Author:廣宮孝信 ひろみやよしのぶ
工学修士(大阪大学)、都市情報学博士(名城大学)。
2009年、著書「国債を刷れ!」で「政府のみならず民間を合わせた国全体の連結貸借対照表(国家のバランスシート)」を世に送り出した経済評論家、"国家破綻セラピスト"です。
「アイスランドは財政黒字なのに破綻!」、「日本とドイツは『破綻』後50年で世界で最も繁栄した」--財政赤字や政府債務GDP比は、国家経済の本質的問題では全くありません!
モノは有限、カネは無限。国家・国民の永続的繁栄に必要なのは、国の借金を減らすとかそんなことでは全くなく、いかにモノを確保するか。モノを確保し続けるための技術投資こそがカギ。技術立国という言葉は伊達にあるわけではなく、カネとか国の借金はそのための手段、道具、方便に過ぎません。

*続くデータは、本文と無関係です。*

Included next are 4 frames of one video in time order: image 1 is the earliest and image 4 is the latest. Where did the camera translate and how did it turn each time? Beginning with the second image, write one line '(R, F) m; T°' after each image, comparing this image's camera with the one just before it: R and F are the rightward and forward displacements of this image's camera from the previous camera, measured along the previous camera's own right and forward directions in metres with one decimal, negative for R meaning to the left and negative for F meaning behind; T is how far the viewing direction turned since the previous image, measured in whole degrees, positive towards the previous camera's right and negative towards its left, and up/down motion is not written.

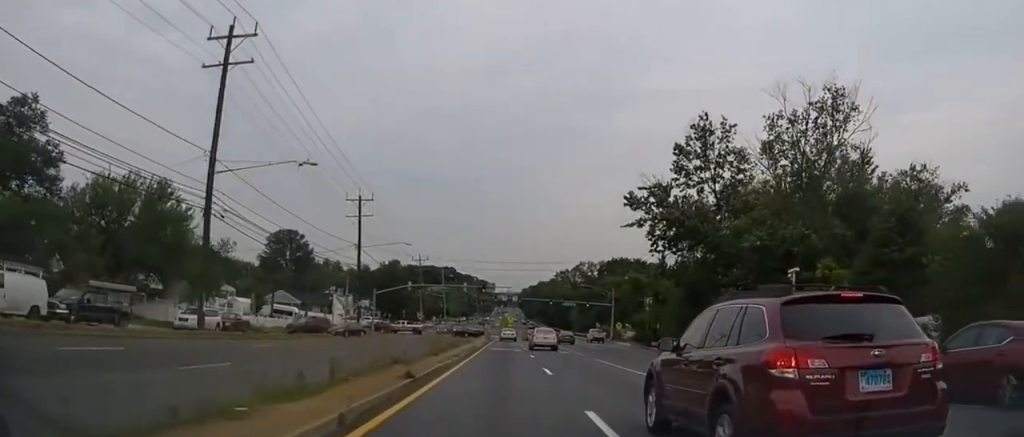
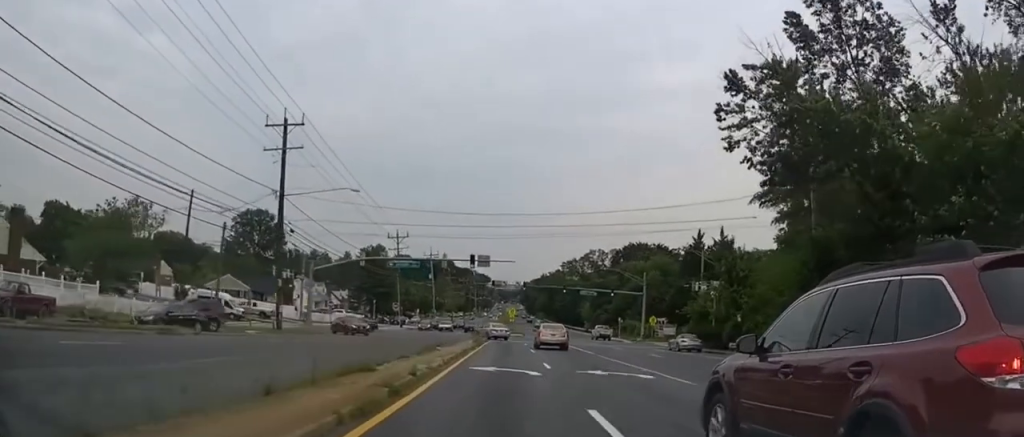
(+0.2, +25.8) m; -1°
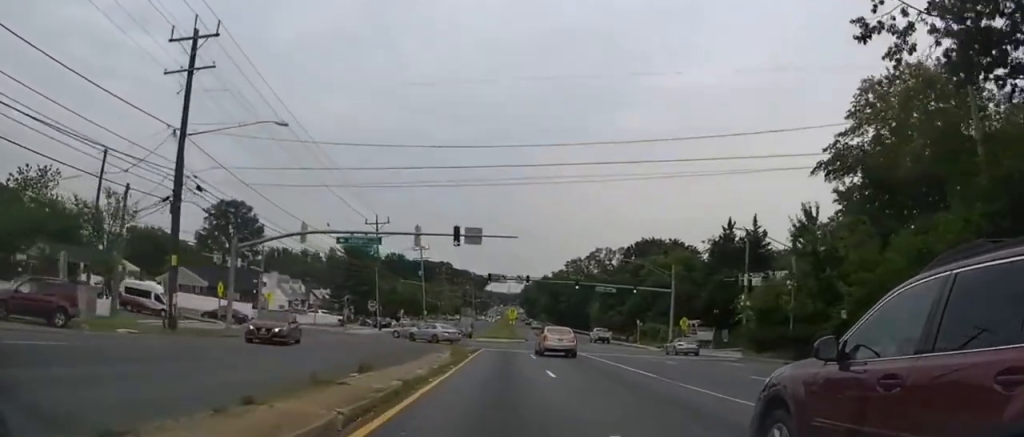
(-0.2, +15.5) m; -1°
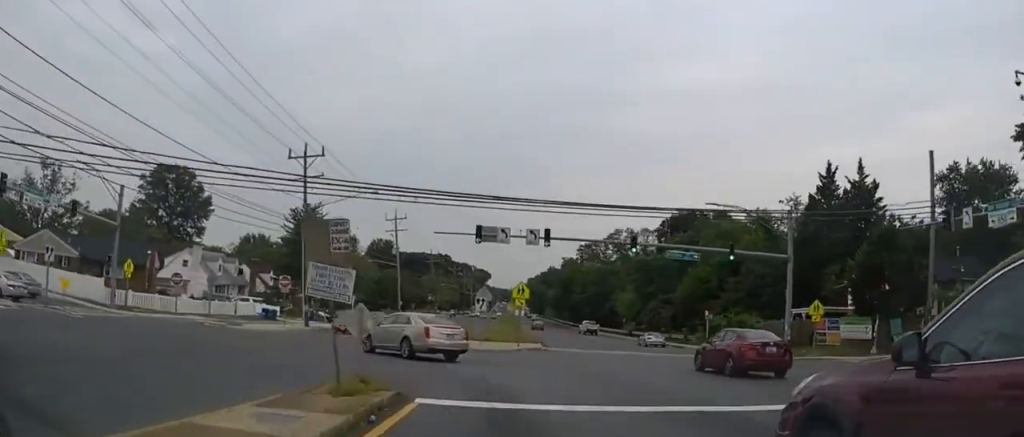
(+0.4, +31.6) m; +1°

このように「モノを中心に考える」ことで、国の借金に対する悲観的常識を根こそぎ打ち破り、将来への希望と展望を見出すための”物流中心主義”の経済観を展開しております。”技術立国・日本”が世界を救う!
 お問い合わせは当ブログのメールフォーム(下の方にあります)やコメント欄(内緒設定もご利用ください)や、ツイッターのダイレクトメッセージをご利用ください。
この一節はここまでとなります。